# Ryanair - step by step guide to getting a refund



## MrEarl (2 Jul 2020)

> Ryanair cancelled my flight - I want cash back. How do I get it?




Step 1 - Request a Refund From The Airline



> Under EU Regulation 261/2014, airlines must reimburse passengers whose flights are cancelled the choice of a refund or a re-routing within seven days.
> 
> Source. https://www.thejournal.ie/airlines-flights-cancelled-refund-vouchers-eu-commission-5097851-May2020/




Step 2 - on Day 8, Log a Complaint With The Airline.

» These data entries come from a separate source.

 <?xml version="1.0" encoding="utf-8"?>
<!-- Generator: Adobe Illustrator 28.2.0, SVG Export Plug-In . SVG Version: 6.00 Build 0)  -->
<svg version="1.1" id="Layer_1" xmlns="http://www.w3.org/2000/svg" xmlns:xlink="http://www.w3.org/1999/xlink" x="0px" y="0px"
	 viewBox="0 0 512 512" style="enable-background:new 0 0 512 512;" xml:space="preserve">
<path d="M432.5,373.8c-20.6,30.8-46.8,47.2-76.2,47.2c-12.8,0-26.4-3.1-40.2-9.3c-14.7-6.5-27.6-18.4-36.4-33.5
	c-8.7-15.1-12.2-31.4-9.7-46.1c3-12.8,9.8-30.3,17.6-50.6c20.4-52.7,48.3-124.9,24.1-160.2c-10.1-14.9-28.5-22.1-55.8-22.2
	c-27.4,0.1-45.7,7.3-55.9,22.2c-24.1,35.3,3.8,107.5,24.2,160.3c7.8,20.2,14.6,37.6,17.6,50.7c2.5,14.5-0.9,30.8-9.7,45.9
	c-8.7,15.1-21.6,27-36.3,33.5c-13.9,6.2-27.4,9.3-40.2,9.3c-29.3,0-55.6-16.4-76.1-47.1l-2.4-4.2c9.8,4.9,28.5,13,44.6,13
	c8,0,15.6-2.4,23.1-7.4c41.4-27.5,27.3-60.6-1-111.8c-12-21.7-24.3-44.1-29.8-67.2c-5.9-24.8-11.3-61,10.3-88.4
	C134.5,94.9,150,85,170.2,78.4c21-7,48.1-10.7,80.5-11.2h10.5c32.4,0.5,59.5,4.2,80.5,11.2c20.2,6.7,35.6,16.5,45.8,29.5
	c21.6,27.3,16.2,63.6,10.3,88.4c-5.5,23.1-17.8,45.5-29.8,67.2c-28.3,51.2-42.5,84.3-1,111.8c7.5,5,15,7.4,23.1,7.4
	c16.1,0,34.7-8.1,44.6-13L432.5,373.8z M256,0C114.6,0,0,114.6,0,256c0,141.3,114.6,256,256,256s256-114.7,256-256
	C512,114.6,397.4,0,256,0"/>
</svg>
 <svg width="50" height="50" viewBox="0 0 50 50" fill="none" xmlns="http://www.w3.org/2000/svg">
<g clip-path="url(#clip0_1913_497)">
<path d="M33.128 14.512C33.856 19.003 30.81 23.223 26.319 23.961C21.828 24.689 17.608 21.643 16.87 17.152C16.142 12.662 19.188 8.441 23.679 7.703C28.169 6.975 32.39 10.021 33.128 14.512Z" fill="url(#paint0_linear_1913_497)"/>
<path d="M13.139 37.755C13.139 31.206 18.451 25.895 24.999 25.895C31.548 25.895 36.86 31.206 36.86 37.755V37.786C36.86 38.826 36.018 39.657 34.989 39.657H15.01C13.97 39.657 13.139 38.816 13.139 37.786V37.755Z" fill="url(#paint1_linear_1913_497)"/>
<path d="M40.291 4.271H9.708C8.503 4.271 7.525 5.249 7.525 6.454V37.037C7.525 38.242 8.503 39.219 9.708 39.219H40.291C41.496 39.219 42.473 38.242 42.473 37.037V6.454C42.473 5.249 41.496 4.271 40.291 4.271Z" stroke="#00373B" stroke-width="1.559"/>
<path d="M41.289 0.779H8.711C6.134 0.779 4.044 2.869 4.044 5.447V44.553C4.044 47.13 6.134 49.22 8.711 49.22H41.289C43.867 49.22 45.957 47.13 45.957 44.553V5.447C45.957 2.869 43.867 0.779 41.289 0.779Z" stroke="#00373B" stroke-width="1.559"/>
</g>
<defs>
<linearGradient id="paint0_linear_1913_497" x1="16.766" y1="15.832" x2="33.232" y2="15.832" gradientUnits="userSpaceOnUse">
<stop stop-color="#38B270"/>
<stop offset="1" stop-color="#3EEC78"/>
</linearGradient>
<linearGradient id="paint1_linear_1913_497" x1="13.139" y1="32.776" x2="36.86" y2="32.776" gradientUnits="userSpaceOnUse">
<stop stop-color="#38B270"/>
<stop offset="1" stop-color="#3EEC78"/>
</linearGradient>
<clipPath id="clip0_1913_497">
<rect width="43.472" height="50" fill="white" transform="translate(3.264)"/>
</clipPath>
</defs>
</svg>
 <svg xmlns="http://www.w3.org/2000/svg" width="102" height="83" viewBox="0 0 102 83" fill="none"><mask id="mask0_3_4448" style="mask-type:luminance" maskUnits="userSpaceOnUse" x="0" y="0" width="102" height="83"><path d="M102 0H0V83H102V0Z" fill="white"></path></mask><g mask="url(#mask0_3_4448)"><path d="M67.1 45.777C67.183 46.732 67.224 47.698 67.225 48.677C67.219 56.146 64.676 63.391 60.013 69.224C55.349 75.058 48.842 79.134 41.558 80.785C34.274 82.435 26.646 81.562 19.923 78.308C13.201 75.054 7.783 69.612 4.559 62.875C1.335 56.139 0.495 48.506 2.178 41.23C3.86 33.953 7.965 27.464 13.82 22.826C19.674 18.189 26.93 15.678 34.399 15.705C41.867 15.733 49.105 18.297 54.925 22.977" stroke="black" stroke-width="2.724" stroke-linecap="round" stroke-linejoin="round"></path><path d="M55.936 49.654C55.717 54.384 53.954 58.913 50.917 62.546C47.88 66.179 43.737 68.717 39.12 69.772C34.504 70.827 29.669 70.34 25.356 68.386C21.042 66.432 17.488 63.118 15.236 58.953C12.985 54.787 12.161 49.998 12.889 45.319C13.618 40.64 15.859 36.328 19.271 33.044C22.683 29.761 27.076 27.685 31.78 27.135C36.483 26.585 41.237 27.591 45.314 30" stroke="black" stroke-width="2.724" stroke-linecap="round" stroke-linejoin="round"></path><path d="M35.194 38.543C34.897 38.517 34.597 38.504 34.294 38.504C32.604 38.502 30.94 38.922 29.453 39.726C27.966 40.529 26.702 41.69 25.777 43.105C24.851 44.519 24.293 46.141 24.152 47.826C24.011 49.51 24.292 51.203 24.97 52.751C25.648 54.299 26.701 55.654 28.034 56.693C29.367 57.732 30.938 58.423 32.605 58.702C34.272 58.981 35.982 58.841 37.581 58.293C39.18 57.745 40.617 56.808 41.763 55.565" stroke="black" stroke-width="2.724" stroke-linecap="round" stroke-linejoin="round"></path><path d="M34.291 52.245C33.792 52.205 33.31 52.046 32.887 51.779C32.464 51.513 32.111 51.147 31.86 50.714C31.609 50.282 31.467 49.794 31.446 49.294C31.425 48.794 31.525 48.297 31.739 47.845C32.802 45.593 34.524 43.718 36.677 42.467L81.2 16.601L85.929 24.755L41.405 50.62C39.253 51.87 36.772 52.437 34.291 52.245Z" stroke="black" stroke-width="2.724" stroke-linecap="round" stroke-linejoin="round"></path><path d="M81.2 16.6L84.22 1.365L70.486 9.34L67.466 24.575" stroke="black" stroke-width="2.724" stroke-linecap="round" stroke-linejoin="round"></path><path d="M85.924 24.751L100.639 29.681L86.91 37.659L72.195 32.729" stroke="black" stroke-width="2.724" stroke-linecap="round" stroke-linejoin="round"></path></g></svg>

Step 3 - Assuming no satisfaction within a reasonable period, make a complaint against the airline - see link below:









						Make A Complaint About Flight Cancellations, Delays and more
					

How best to make your flight complaint depends on what type of complaint it is. Read more about how to make flight related complaints on FlightRights.ie




					www.flightrights.ie
				





Step 4 - Contact Your Card Provider and have them do a "charge back" as the airline didn't provide the service that you paid them for.


.


----------



## Brendan Burgess (3 Jul 2020)

Hi Mr Earl

Could you expand on Step 1.   I got the email. Followed it and it did not seem to allow me to claim a refund other than to start a conversation, which I just don't have time to do.

Brendan


----------